From the manner of gathering up a trick he judges
whether the person taking it can make another in the
suit. He recognises what is played through feint,
by the air with which it is thrown upon the table.
A casual or inadvertent word; the accidental dropping
or turning of a card, with the accompanying anxiety
or carelessness in regard to its concealment; the
counting of the tricks, with the order of their arrangement;
embarrassment, hesitation, eagerness or trepidation
— all afford, to his apparently intuitive perception,
indications of the true state of affairs. The
first two or three rounds having been played, he is
in full possession of the contents of each hand, and
thenceforward puts down his cards with as absolute
a precision of purpose as if the rest of the party
had turned outward the faces of their own.

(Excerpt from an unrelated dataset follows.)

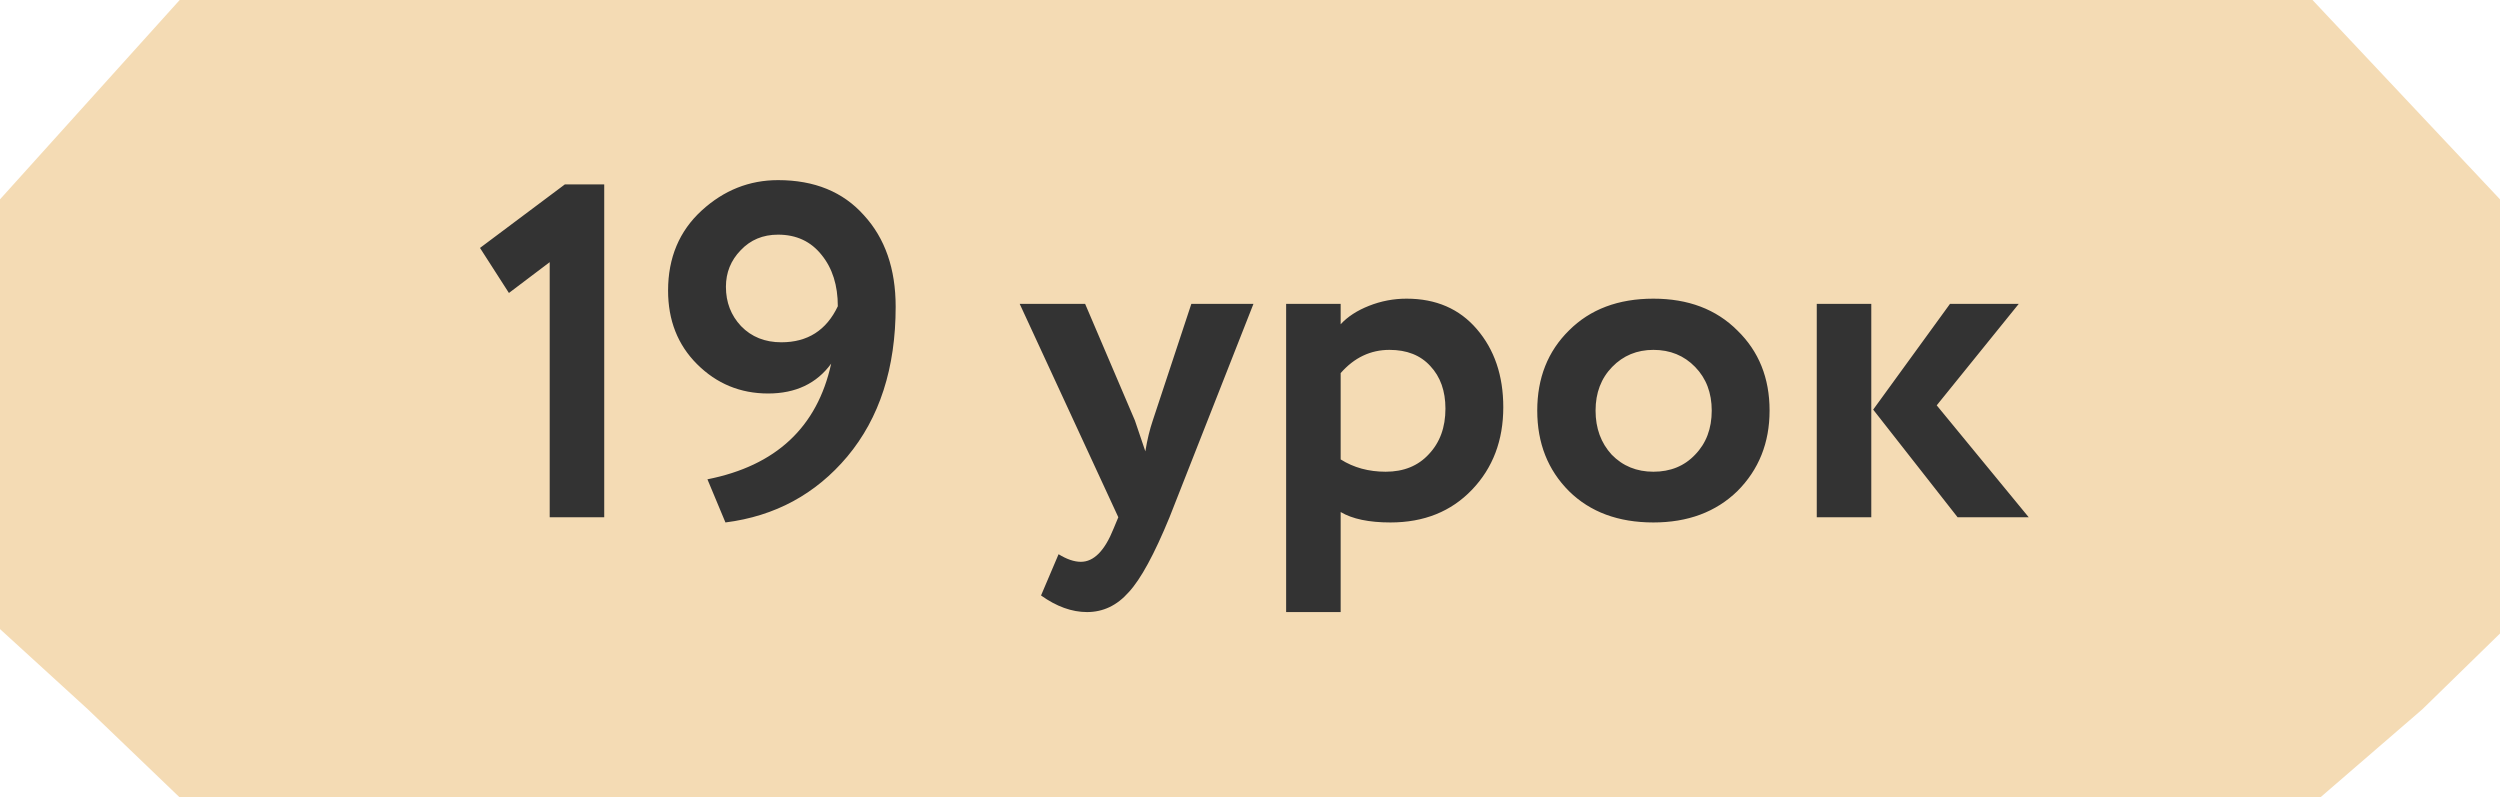 <?xml version="1.0" encoding="UTF-8"?> <svg xmlns="http://www.w3.org/2000/svg" width="464" height="148" viewBox="0 0 464 148" fill="none"> <path d="M16.308 18.907L33.35 0H429.2L447.535 19.495L464 37V117.578L449.582 131.648L430.65 148H33.35L16.308 131.648L0 116.756V37L16.308 18.907Z" fill="#F4DBB4"></path> <path d="M94.456 54.376L89.088 46.016L104.84 34.224H112.144V96H102.024V48.656L94.456 54.376ZM166.235 56.928C166.235 68.309 163.243 77.579 157.259 84.736C151.393 91.717 143.854 95.795 134.643 96.968L131.299 88.96C144.03 86.437 151.686 79.28 154.267 67.488C151.569 71.184 147.667 73.032 142.563 73.032C137.401 73.032 133.001 71.213 129.363 67.576C125.785 63.997 123.995 59.451 123.995 53.936C123.995 47.835 126.078 42.877 130.243 39.064C134.35 35.309 139.073 33.432 144.411 33.432C151.158 33.432 156.467 35.603 160.339 39.944C164.27 44.227 166.235 49.888 166.235 56.928ZM155.499 56.84C155.499 52.968 154.502 49.8 152.507 47.336C150.513 44.813 147.814 43.552 144.411 43.552C141.595 43.552 139.278 44.52 137.459 46.456C135.641 48.333 134.731 50.592 134.731 53.232C134.731 56.107 135.67 58.541 137.547 60.536C139.483 62.531 141.977 63.528 145.027 63.528C149.897 63.528 153.387 61.299 155.499 56.84ZM221.112 56.4H232.64L217.064 96C214.248 102.864 211.726 107.499 209.496 109.904C207.326 112.368 204.744 113.6 201.752 113.6C198.936 113.6 196.091 112.573 193.216 110.52L196.472 102.864C197.998 103.803 199.376 104.272 200.608 104.272C203.014 104.272 205.038 102.219 206.68 98.112L207.56 96L189.256 56.4H201.4L210.64 78.048C210.758 78.341 211.403 80.248 212.576 83.768C212.928 81.597 213.398 79.661 213.984 77.96L221.112 56.4ZM248.826 113.6H238.706V56.4H248.826V60.184C250.117 58.776 251.877 57.632 254.106 56.752C256.336 55.872 258.653 55.432 261.058 55.432C266.514 55.432 270.856 57.309 274.082 61.064C277.368 64.877 279.01 69.717 279.01 75.584C279.01 81.744 277.074 86.848 273.202 90.896C269.33 94.944 264.285 96.968 258.066 96.968C254.077 96.968 250.997 96.323 248.826 95.032V113.6ZM257.89 64.936C254.37 64.936 251.349 66.373 248.826 69.248V85.264C251.232 86.789 254.018 87.552 257.186 87.552C260.53 87.552 263.2 86.467 265.194 84.296C267.248 82.125 268.274 79.309 268.274 75.848C268.274 72.563 267.336 69.923 265.458 67.928C263.64 65.933 261.117 64.936 257.89 64.936ZM291.209 91.16C287.278 87.229 285.313 82.243 285.313 76.2C285.313 70.157 287.278 65.2 291.209 61.328C295.139 57.397 300.361 55.432 306.873 55.432C313.326 55.432 318.518 57.397 322.449 61.328C326.438 65.2 328.433 70.157 328.433 76.2C328.433 82.184 326.438 87.171 322.449 91.16C318.459 95.032 313.267 96.968 306.873 96.968C300.361 96.968 295.139 95.032 291.209 91.16ZM299.217 68.104C297.163 70.216 296.137 72.915 296.137 76.2C296.137 79.485 297.134 82.213 299.129 84.384C301.182 86.496 303.763 87.552 306.873 87.552C310.041 87.552 312.622 86.496 314.617 84.384C316.67 82.272 317.697 79.544 317.697 76.2C317.697 72.915 316.67 70.216 314.617 68.104C312.563 65.992 309.982 64.936 306.873 64.936C303.822 64.936 301.27 65.992 299.217 68.104ZM361.919 56.4H374.679L359.455 75.232L376.527 96H363.327L347.663 76.024L361.919 56.4ZM347.311 96H337.191V56.4H347.311V96Z" fill="#333333"></path> </svg>

The analytical power should not be confounded with
ample ingenuity; for while the analyst is necessarily
ingenious, the ingenious man is often remarkably incapable
of analysis. The constructive or combining power,
by which ingenuity is usually manifested, and to which
the phrenologists (I believe erroneously) have assigned
a separate organ, supposing it a primitive faculty,
has been so frequently seen in those whose intellect
bordered otherwise upon idiocy, as to have attracted
general observation among writers on morals. Between
ingenuity and the analytic ability there exists a difference
far greater, indeed, than that between the fancy and
the imagination, but of a character very strictly
analogous. It will be found, in fact, that the
ingenious are always fanciful, and the truly
imaginative never otherwise than analytic.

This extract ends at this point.